[Start of Attachment]

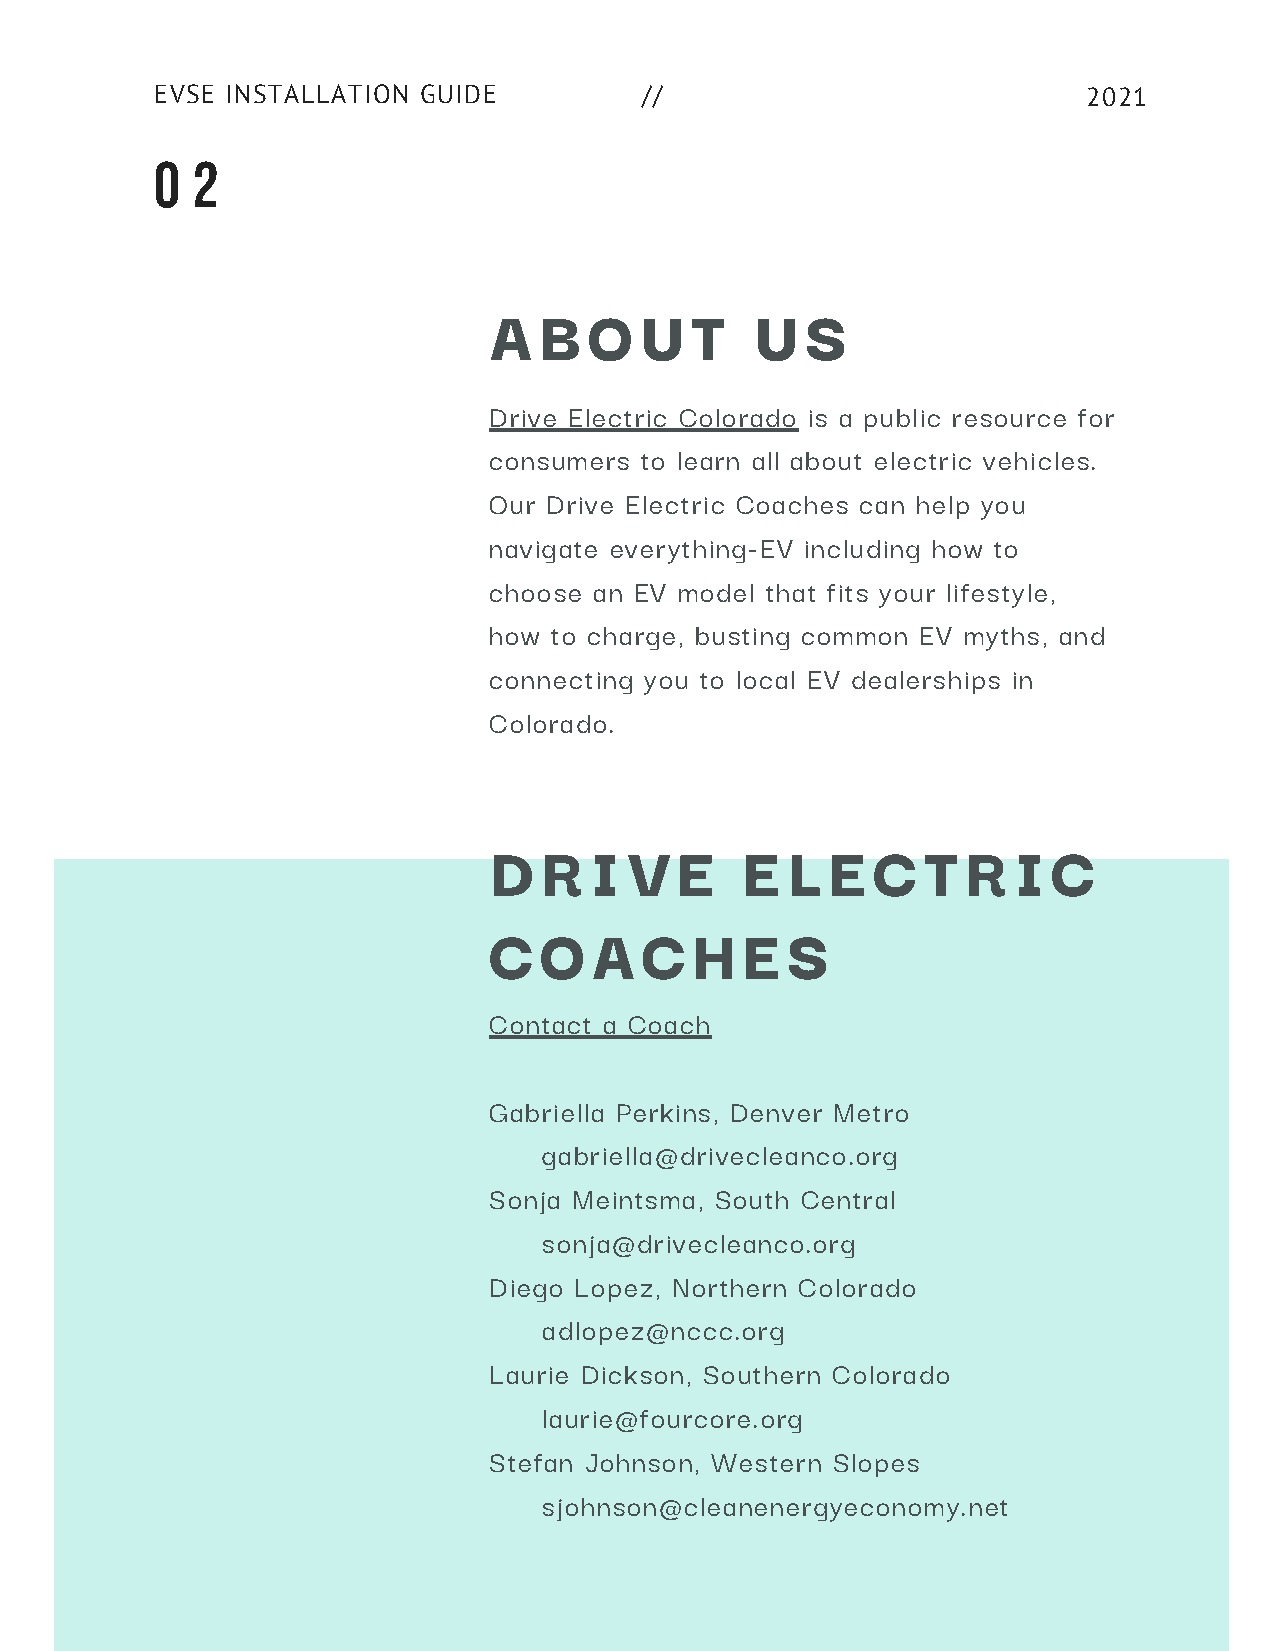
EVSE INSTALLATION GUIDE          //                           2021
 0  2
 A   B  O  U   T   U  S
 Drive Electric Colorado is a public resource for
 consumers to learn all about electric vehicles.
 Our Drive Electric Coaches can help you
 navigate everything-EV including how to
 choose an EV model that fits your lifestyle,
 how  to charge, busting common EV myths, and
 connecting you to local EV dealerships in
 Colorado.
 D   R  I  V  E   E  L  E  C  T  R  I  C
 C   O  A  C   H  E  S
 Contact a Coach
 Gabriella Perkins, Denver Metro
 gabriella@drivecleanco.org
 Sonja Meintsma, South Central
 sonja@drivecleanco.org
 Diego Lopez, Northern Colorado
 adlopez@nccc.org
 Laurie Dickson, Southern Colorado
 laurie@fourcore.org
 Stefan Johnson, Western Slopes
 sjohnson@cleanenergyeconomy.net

[End of Attachment]

#### [The task]
Pictures are to be dropped, and the remaining data set down exactly.

#### [Finished task]
EVSE INSTALLATION GUIDE          //                           2021
 0  2
 A   B  O  U   T   U  S
 Drive Electric Colorado is a public resource for
 consumers to learn all about electric vehicles.
 Our Drive Electric Coaches can help you
 navigate everything-EV including how to
 choose an EV model that fits your lifestyle,
 how  to charge, busting common EV myths, and
 connecting you to local EV dealerships in
 Colorado.
 D   R  I  V  E   E  L  E  C  T  R  I  C
 C   O  A  C   H  E  S
 Contact a Coach
 Gabriella Perkins, Denver Metro
 gabriella@drivecleanco.org
 Sonja Meintsma, South Central
 sonja@drivecleanco.org
 Diego Lopez, Northern Colorado
 adlopez@nccc.org
 Laurie Dickson, Southern Colorado
 laurie@fourcore.org
 Stefan Johnson, Western Slopes
 sjohnson@cleanenergyeconomy.net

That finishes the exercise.